A newly added, empty main-module could look like this:

from Server.modules.abstract_main_module import AbstractMainModule

class NewModule(AbstractMainModule):

    def __init__(self, Messaging, queue, User):
        super().__init__(Messaging, queue, User)
        # do something

    def mirror_started(self):
        super().mirror_started()
        # do something

    def user_state_updated(self, user):
        super().user_state_updated(user)
        # do something

    def user_skeleton_updated(self, user):
        super().user_skeleton_updated(user)
        # do something
        
    def user_exercise_updated(self, user):
        super().user_exercise_updated(user)
        # do something

    def user_exercise_stage_updated(self, user):
        super().user_exercise_stage_updated(user)
        # do something

    def user_finished_repetition(self, user):
        super().user_finished_repetition(user)
        # do something

If some of the methods are not needed, they can also just be left out. The framework will ensure that the respective methods are called when an update to the respective data happens.

To include the newly created module into the framework, it lastly also has to be added to the config-file.

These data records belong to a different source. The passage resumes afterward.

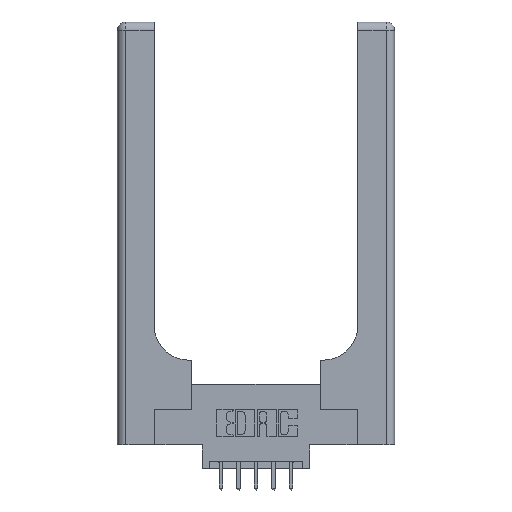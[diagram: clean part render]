
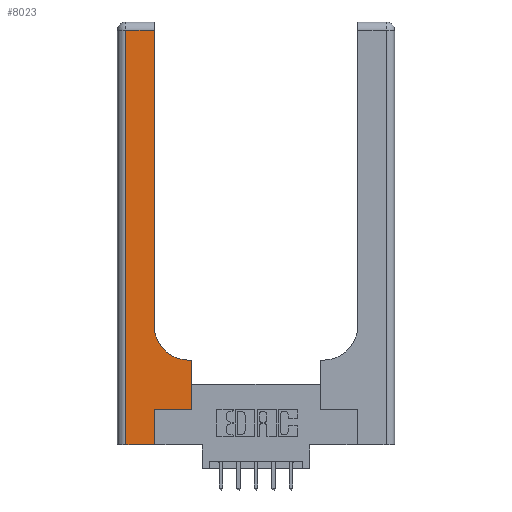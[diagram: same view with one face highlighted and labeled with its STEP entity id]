
A CAD part, top view. The second image highlights one B-rep face of the part: STEP entity #8023.
In plain terms, the highlighted planar face has unit normal (0, 0, 1).
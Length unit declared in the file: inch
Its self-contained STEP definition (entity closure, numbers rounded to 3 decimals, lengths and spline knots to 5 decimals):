
#122 = ORIENTED_EDGE ( 'NONE', *, *, #5938, .T. ) ;
#280 = ORIENTED_EDGE ( 'NONE', *, *, #9802, .T. ) ;
#385 = EDGE_CURVE ( 'NONE', #12974, #722, #8249, .T. ) ;
#387 = VERTEX_POINT ( 'NONE', #10373 ) ;
#722 = VERTEX_POINT ( 'NONE', #11493 ) ;
#807 = DIRECTION ( 'NONE',  ( 1., 0., 0. ) ) ;
#1081 = LINE ( 'NONE', #3189, #1238 ) ;
#1105 = EDGE_CURVE ( 'NONE', #722, #1484, #1081, .T. ) ;
#1158 = DIRECTION ( 'NONE',  ( 0., 1., 0. ) ) ;
#1197 = CARTESIAN_POINT ( 'NONE',  ( 0.528, 0.6, 0.37 ) ) ;
#1235 = CARTESIAN_POINT ( 'NONE',  ( 0.06, 2.94, 0.37 ) ) ;
#1238 = VECTOR ( 'NONE', #7656, 39.37008 ) ;
#1332 = LINE ( 'NONE', #5638, #7467 ) ;
#1484 = VERTEX_POINT ( 'NONE', #14017 ) ;
#1576 = VERTEX_POINT ( 'NONE', #13082 ) ;
#1680 = VERTEX_POINT ( 'NONE', #5691 ) ;
#1900 = DIRECTION ( 'NONE',  ( -1., 0., 0. ) ) ;
#1937 = CARTESIAN_POINT ( 'NONE',  ( 0.26, 0.85, 0.37 ) ) ;
#1977 = VECTOR ( 'NONE', #4091, 39.37008 ) ;
#2081 = DIRECTION ( 'NONE',  ( -1., 0., 0. ) ) ;
#2085 = LINE ( 'NONE', #8441, #3751 ) ;
#2160 = LINE ( 'NONE', #4477, #12317 ) ;
#2222 = VECTOR ( 'NONE', #1900, 39.37008 ) ;
#2747 = ORIENTED_EDGE ( 'NONE', *, *, #13129, .T. ) ;
#2751 = EDGE_CURVE ( 'NONE', #1680, #12974, #10609, .T. ) ;
#2922 = ORIENTED_EDGE ( 'NONE', *, *, #6786, .T. ) ;
#3189 = CARTESIAN_POINT ( 'NONE',  ( 0., 0., 0.37 ) ) ;
#3658 = EDGE_CURVE ( 'NONE', #7546, #1680, #4323, .T. ) ;
#3751 = VECTOR ( 'NONE', #807, 39.37008 ) ;
#4091 = DIRECTION ( 'NONE',  ( -1., 0., 0. ) ) ;
#4182 = PLANE ( 'NONE',  #5748 ) ;
#4323 = LINE ( 'NONE', #5452, #9591 ) ;
#4477 = CARTESIAN_POINT ( 'NONE',  ( 0.265, 0., 0.37 ) ) ;
#4819 = CARTESIAN_POINT ( 'NONE',  ( 0.51, 0.85, 0.37 ) ) ;
#5440 = EDGE_CURVE ( 'NONE', #9065, #387, #11591, .T. ) ;
#5452 = CARTESIAN_POINT ( 'NONE',  ( 0.26, 3., 0.37 ) ) ;
#5638 = CARTESIAN_POINT ( 'NONE',  ( 0.528, 0.25, 0.37 ) ) ;
#5691 = CARTESIAN_POINT ( 'NONE',  ( 0.26, 2.94, 0.37 ) ) ;
#5748 = AXIS2_PLACEMENT_3D ( 'NONE', #12846, #11775, #2081 ) ;
#5938 = EDGE_CURVE ( 'NONE', #1484, #12540, #2160, .T. ) ;
#6290 = CIRCLE ( 'NONE', #13546, 0.25 ) ;
#6428 = CARTESIAN_POINT ( 'NONE',  ( 0.26, 0.6, 0.37 ) ) ;
#6786 = EDGE_CURVE ( 'NONE', #1576, #9065, #1332, .T. ) ;
#7006 = CARTESIAN_POINT ( 'NONE',  ( 0.06, 3., 0.37 ) ) ;
#7467 = VECTOR ( 'NONE', #8955, 39.37008 ) ;
#7546 = VERTEX_POINT ( 'NONE', #1937 ) ;
#7622 = CARTESIAN_POINT ( 'NONE',  ( 0.265, 0.25, 0.37 ) ) ;
#7656 = DIRECTION ( 'NONE',  ( 1., 0., 0. ) ) ;
#7748 = DIRECTION ( 'NONE',  ( 0., 1., 0. ) ) ;
#7858 = ORIENTED_EDGE ( 'NONE', *, *, #1105, .T. ) ;
#8016 = ORIENTED_EDGE ( 'NONE', *, *, #2751, .T. ) ;
#8023 = ADVANCED_FACE ( 'NONE', ( #8505 ), #4182, .F. ) ;
#8183 = DIRECTION ( 'NONE',  ( 0., -1., 0. ) ) ;
#8249 = LINE ( 'NONE', #7006, #9005 ) ;
#8441 = CARTESIAN_POINT ( 'NONE',  ( 0.265, 0.25, 0.37 ) ) ;
#8505 = FACE_OUTER_BOUND ( 'NONE', #13297, .T. ) ;
#8955 = DIRECTION ( 'NONE',  ( 0., 1., 0. ) ) ;
#9005 = VECTOR ( 'NONE', #8183, 39.37008 ) ;
#9065 = VERTEX_POINT ( 'NONE', #1197 ) ;
#9146 = DIRECTION ( 'NONE',  ( 1., 0., 0. ) ) ;
#9332 = ORIENTED_EDGE ( 'NONE', *, *, #385, .T. ) ;
#9591 = VECTOR ( 'NONE', #1158, 39.37008 ) ;
#9802 = EDGE_CURVE ( 'NONE', #12540, #1576, #2085, .T. ) ;
#10373 = CARTESIAN_POINT ( 'NONE',  ( 0.51, 0.6, 0.37 ) ) ;
#10609 = LINE ( 'NONE', #13679, #1977 ) ;
#11493 = CARTESIAN_POINT ( 'NONE',  ( 0.06, 0., 0.37 ) ) ;
#11591 = LINE ( 'NONE', #6428, #2222 ) ;
#11775 = DIRECTION ( 'NONE',  ( 0., 0., -1. ) ) ;
#12317 = VECTOR ( 'NONE', #7748, 39.37008 ) ;
#12540 = VERTEX_POINT ( 'NONE', #7622 ) ;
#12846 = CARTESIAN_POINT ( 'NONE',  ( 0., 3., 0.37 ) ) ;
#12974 = VERTEX_POINT ( 'NONE', #1235 ) ;
#13072 = ORIENTED_EDGE ( 'NONE', *, *, #5440, .T. ) ;
#13082 = CARTESIAN_POINT ( 'NONE',  ( 0.528, 0.25, 0.37 ) ) ;
#13129 = EDGE_CURVE ( 'NONE', #387, #7546, #6290, .T. ) ;
#13297 = EDGE_LOOP ( 'NONE', ( #13639, #8016, #9332, #7858, #122, #280, #2922, #13072, #2747 ) ) ;
#13342 = DIRECTION ( 'NONE',  ( 0., 0., -1. ) ) ;
#13546 = AXIS2_PLACEMENT_3D ( 'NONE', #4819, #13342, #9146 ) ;
#13639 = ORIENTED_EDGE ( 'NONE', *, *, #3658, .T. ) ;
#13679 = CARTESIAN_POINT ( 'NONE',  ( 0., 2.94, 0.37 ) ) ;
#14017 = CARTESIAN_POINT ( 'NONE',  ( 0.265, 0., 0.37 ) ) ;
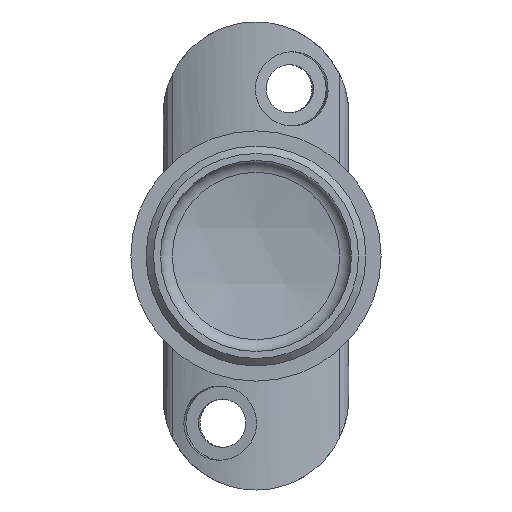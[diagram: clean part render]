
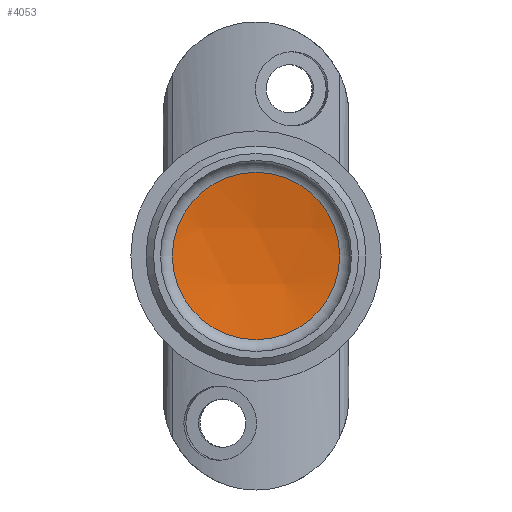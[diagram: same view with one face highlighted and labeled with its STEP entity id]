
A CAD part, front view. The second image highlights one B-rep face of the part: STEP entity #4053.
In plain terms, the highlighted spherical face has radius 54.48 mm.
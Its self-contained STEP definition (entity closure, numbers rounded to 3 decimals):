
#1290 = CARTESIAN_POINT ( 'NONE',  ( 0., -21.187, 0. ) ) ;
#1764 = ORIENTED_EDGE ( 'NONE', *, *, #4799, .T. ) ;
#2479 = DIRECTION ( 'NONE',  ( 0., 0., -1. ) ) ;
#4053 = ADVANCED_FACE ( 'NONE', ( #13773 ), #11395, .F. ) ;
#4146 = EDGE_LOOP ( 'NONE', ( #1764 ) ) ;
#4799 = EDGE_CURVE ( 'NONE', #13288, #13288, #9915, .T. ) ;
#6352 = CARTESIAN_POINT ( 'NONE',  ( 11.263, 32.116, 0. ) ) ;
#6794 = DIRECTION ( 'NONE',  ( 0., -1., 0. ) ) ;
#7889 = AXIS2_PLACEMENT_3D ( 'NONE', #13794, #6794, #11394 ) ;
#9915 = CIRCLE ( 'NONE', #7889, 11.263 ) ;
#11394 = DIRECTION ( 'NONE',  ( 1., 0., 0. ) ) ;
#11395 = SPHERICAL_SURFACE ( 'NONE', #13436, 54.48 ) ;
#13288 = VERTEX_POINT ( 'NONE', #6352 ) ;
#13436 = AXIS2_PLACEMENT_3D ( 'NONE', #1290, #2479, #14301 ) ;
#13773 = FACE_OUTER_BOUND ( 'NONE', #4146, .T. ) ;
#13794 = CARTESIAN_POINT ( 'NONE',  ( 0., 32.116, 0. ) ) ;
#14301 = DIRECTION ( 'NONE',  ( -1., 0., 0. ) ) ;
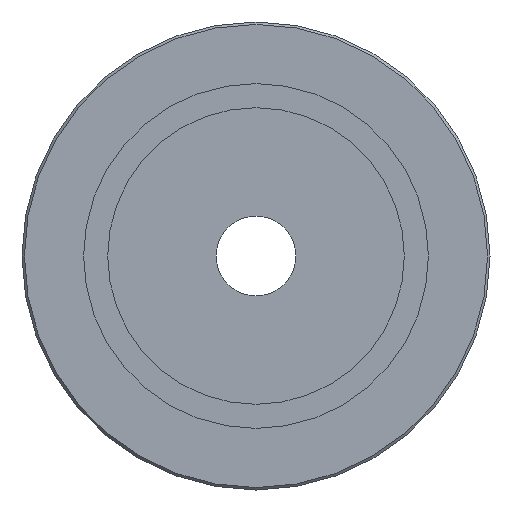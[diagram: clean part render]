
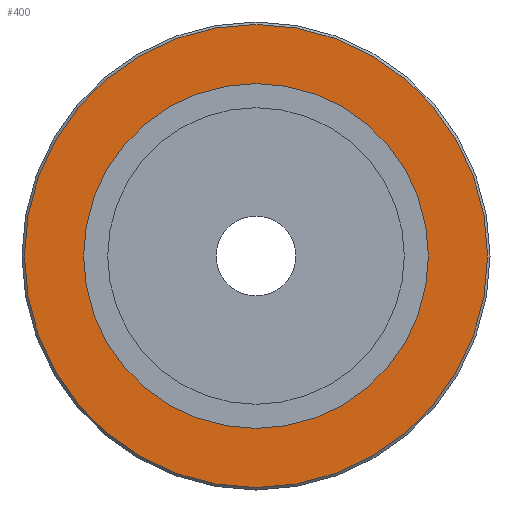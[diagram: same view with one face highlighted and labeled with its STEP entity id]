
A CAD part, front view. The second image highlights one B-rep face of the part: STEP entity #400.
In plain terms, the highlighted planar face has unit normal (0, -1, 0).
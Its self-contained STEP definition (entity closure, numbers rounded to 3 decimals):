
#26=FACE_BOUND('',#67,.T.);
#34=PLANE('',#446);
#43=FACE_OUTER_BOUND('',#66,.T.);
#66=EDGE_LOOP('',(#280));
#67=EDGE_LOOP('',(#281,#282));
#126=CIRCLE('',#445,47.);
#127=CIRCLE('',#447,35.);
#128=CIRCLE('',#448,35.);
#172=VERTEX_POINT('',#671);
#173=VERTEX_POINT('',#675);
#174=VERTEX_POINT('',#676);
#218=EDGE_CURVE('',#172,#172,#126,.T.);
#219=EDGE_CURVE('',#173,#174,#127,.T.);
#220=EDGE_CURVE('',#174,#173,#128,.T.);
#280=ORIENTED_EDGE('',*,*,#218,.F.);
#281=ORIENTED_EDGE('',*,*,#219,.T.);
#282=ORIENTED_EDGE('',*,*,#220,.T.);
#400=ADVANCED_FACE('',(#43,#26),#34,.T.);
#445=AXIS2_PLACEMENT_3D('',#673,#520,#521);
#446=AXIS2_PLACEMENT_3D('',#674,#522,#523);
#447=AXIS2_PLACEMENT_3D('',#677,#524,#525);
#448=AXIS2_PLACEMENT_3D('',#678,#526,#527);
#520=DIRECTION('center_axis',(0.,1.,0.));
#521=DIRECTION('ref_axis',(1.,0.,0.));
#522=DIRECTION('center_axis',(0.,-1.,0.));
#523=DIRECTION('ref_axis',(0.,0.,-1.));
#524=DIRECTION('center_axis',(0.,1.,0.));
#525=DIRECTION('ref_axis',(1.,0.,0.));
#526=DIRECTION('center_axis',(0.,1.,0.));
#527=DIRECTION('ref_axis',(1.,0.,0.));
#671=CARTESIAN_POINT('',(-47.,0.,0.));
#673=CARTESIAN_POINT('Origin',(0.,0.,0.));
#674=CARTESIAN_POINT('Origin',(-47.5,0.,0.));
#675=CARTESIAN_POINT('',(-35.,0.,0.));
#676=CARTESIAN_POINT('',(35.,0.,0.));
#677=CARTESIAN_POINT('Origin',(0.,0.,0.));
#678=CARTESIAN_POINT('Origin',(0.,0.,0.));

The module-name (i.e. the class-name, in the example CustomName) has to be added to the list of module-names in the [General]-section of the config-file. Then, a new section for the new module has to be added to the end of the config-file, specifying where the framework can find the new package. Following the example, the new section would look like this:

[CustomModule]
path_name = main.module_custom.custom_module
class_name = CustomModule

In theory, the naming conventions do not have to be followed and the files can be created anywhere as long as they are correctly referenced inside the config-file and implement the necessary interfaces.

Once you start the server, the server will automatically find your newly created package based on the config-file and run your module in its own thread.